> Problem details:
Set the data down once more, exactly as it is written.

> Exercise material:
========================================

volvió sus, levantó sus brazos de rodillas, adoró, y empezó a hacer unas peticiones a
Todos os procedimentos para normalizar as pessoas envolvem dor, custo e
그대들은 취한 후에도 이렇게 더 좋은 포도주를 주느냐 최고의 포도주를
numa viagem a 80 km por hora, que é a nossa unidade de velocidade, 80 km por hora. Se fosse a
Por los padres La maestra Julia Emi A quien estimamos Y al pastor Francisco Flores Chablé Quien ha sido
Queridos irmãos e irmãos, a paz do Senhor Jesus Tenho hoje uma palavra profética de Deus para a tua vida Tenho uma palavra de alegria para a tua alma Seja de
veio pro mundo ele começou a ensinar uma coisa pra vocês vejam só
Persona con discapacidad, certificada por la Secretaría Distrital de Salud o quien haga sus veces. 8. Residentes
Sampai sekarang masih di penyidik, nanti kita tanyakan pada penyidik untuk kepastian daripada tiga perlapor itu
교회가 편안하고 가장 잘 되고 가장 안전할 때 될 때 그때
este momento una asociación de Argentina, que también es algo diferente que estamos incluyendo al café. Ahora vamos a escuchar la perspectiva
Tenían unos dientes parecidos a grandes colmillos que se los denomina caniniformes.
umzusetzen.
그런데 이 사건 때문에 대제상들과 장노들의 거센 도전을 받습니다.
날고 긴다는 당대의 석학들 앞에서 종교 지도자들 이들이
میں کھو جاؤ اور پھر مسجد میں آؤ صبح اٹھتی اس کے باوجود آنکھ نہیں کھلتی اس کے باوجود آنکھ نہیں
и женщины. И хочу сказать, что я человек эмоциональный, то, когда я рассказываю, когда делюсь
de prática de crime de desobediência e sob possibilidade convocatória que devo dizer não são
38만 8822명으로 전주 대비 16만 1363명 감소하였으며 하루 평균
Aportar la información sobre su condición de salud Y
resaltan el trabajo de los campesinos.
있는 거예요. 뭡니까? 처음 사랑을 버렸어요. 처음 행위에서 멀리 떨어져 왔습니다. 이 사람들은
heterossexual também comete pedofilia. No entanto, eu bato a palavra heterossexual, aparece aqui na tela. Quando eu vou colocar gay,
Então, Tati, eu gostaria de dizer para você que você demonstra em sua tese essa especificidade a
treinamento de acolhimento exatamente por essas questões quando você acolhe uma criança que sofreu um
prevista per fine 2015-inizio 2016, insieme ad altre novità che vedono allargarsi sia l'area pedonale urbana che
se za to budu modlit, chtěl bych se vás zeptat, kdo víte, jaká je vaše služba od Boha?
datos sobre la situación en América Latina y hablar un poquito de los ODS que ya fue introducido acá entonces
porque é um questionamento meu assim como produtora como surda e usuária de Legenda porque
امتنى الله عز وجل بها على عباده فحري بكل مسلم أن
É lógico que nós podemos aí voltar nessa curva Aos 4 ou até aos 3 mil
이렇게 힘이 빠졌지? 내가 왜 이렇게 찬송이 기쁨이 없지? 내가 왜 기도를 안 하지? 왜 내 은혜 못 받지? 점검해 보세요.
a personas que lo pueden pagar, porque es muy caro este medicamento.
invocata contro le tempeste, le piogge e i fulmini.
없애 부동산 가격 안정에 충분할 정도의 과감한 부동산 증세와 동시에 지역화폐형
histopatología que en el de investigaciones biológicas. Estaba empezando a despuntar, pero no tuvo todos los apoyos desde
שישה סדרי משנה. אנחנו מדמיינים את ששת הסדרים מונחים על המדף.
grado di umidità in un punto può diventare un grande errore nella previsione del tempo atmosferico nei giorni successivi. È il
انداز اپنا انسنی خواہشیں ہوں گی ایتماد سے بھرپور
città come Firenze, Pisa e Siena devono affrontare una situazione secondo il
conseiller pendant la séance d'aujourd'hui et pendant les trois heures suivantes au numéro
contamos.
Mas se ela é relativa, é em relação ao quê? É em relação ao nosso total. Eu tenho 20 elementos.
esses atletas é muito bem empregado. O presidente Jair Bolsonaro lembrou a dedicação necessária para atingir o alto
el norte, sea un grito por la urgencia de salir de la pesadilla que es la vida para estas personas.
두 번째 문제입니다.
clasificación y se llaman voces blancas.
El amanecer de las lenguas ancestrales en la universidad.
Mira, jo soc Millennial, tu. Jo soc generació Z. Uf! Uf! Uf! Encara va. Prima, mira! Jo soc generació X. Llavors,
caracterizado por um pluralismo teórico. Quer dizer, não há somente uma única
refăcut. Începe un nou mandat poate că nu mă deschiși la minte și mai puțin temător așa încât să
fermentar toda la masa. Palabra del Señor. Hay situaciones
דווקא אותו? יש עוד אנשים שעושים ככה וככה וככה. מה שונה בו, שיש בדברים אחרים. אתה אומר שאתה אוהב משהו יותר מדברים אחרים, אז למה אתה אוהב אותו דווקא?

========================================

> Output for this exercise:
volvió sus, levantó sus brazos de rodillas, adoró, y empezó a hacer unas peticiones a
Todos os procedimentos para normalizar as pessoas envolvem dor, custo e
그대들은 취한 후에도 이렇게 더 좋은 포도주를 주느냐 최고의 포도주를
numa viagem a 80 km por hora, que é a nossa unidade de velocidade, 80 km por hora. Se fosse a
Por los padres La maestra Julia Emi A quien estimamos Y al pastor Francisco Flores Chablé Quien ha sido
Queridos irmãos e irmãos, a paz do Senhor Jesus Tenho hoje uma palavra profética de Deus para a tua vida Tenho uma palavra de alegria para a tua alma Seja de
veio pro mundo ele começou a ensinar uma coisa pra vocês vejam só
Persona con discapacidad, certificada por la Secretaría Distrital de Salud o quien haga sus veces. 8. Residentes
Sampai sekarang masih di penyidik, nanti kita tanyakan pada penyidik untuk kepastian daripada tiga perlapor itu
교회가 편안하고 가장 잘 되고 가장 안전할 때 될 때 그때
este momento una asociación de Argentina, que también es algo diferente que estamos incluyendo al café. Ahora vamos a escuchar la perspectiva
Tenían unos dientes parecidos a grandes colmillos que se los denomina caniniformes.
umzusetzen.
그런데 이 사건 때문에 대제상들과 장노들의 거센 도전을 받습니다.
날고 긴다는 당대의 석학들 앞에서 종교 지도자들 이들이
میں کھو جاؤ اور پھر مسجد میں آؤ صبح اٹھتی اس کے باوجود آنکھ نہیں کھلتی اس کے باوجود آنکھ نہیں
и женщины. И хочу сказать, что я человек эмоциональный, то, когда я рассказываю, когда делюсь
de prática de crime de desobediência e sob possibilidade convocatória que devo dizer não são
38만 8822명으로 전주 대비 16만 1363명 감소하였으며 하루 평균
Aportar la información sobre su condición de salud Y
resaltan el trabajo de los campesinos.
있는 거예요. 뭡니까? 처음 사랑을 버렸어요. 처음 행위에서 멀리 떨어져 왔습니다. 이 사람들은
heterossexual também comete pedofilia. No entanto, eu bato a palavra heterossexual, aparece aqui na tela. Quando eu vou colocar gay,
Então, Tati, eu gostaria de dizer para você que você demonstra em sua tese essa especificidade a
treinamento de acolhimento exatamente por essas questões quando você acolhe uma criança que sofreu um
prevista per fine 2015-inizio 2016, insieme ad altre novità che vedono allargarsi sia l'area pedonale urbana che
se za to budu modlit, chtěl bych se vás zeptat, kdo víte, jaká je vaše služba od Boha?
datos sobre la situación en América Latina y hablar un poquito de los ODS que ya fue introducido acá entonces
porque é um questionamento meu assim como produtora como surda e usuária de Legenda porque
امتنى الله عز وجل بها على عباده فحري بكل مسلم أن
É lógico que nós podemos aí voltar nessa curva Aos 4 ou até aos 3 mil
이렇게 힘이 빠졌지? 내가 왜 이렇게 찬송이 기쁨이 없지? 내가 왜 기도를 안 하지? 왜 내 은혜 못 받지? 점검해 보세요.
a personas que lo pueden pagar, porque es muy caro este medicamento.
invocata contro le tempeste, le piogge e i fulmini.
없애 부동산 가격 안정에 충분할 정도의 과감한 부동산 증세와 동시에 지역화폐형
histopatología que en el de investigaciones biológicas. Estaba empezando a despuntar, pero no tuvo todos los apoyos desde
שישה סדרי משנה. אנחנו מדמיינים את ששת הסדרים מונחים על המדף.
grado di umidità in un punto può diventare un grande errore nella previsione del tempo atmosferico nei giorni successivi. È il
انداز اپنا انسنی خواہشیں ہوں گی ایتماد سے بھرپور
città come Firenze, Pisa e Siena devono affrontare una situazione secondo il
conseiller pendant la séance d'aujourd'hui et pendant les trois heures suivantes au numéro
contamos.
Mas se ela é relativa, é em relação ao quê? É em relação ao nosso total. Eu tenho 20 elementos.
esses atletas é muito bem empregado. O presidente Jair Bolsonaro lembrou a dedicação necessária para atingir o alto
el norte, sea un grito por la urgencia de salir de la pesadilla que es la vida para estas personas.
두 번째 문제입니다.
clasificación y se llaman voces blancas.
El amanecer de las lenguas ancestrales en la universidad.
Mira, jo soc Millennial, tu. Jo soc generació Z. Uf! Uf! Uf! Encara va. Prima, mira! Jo soc generació X. Llavors,
caracterizado por um pluralismo teórico. Quer dizer, não há somente uma única
refăcut. Începe un nou mandat poate că nu mă deschiși la minte și mai puțin temător așa încât să
fermentar toda la masa. Palabra del Señor. Hay situaciones
דווקא אותו? יש עוד אנשים שעושים ככה וככה וככה. מה שונה בו, שיש בדברים אחרים. אתה אומר שאתה אוהב משהו יותר מדברים אחרים, אז למה אתה אוהב אותו דווקא?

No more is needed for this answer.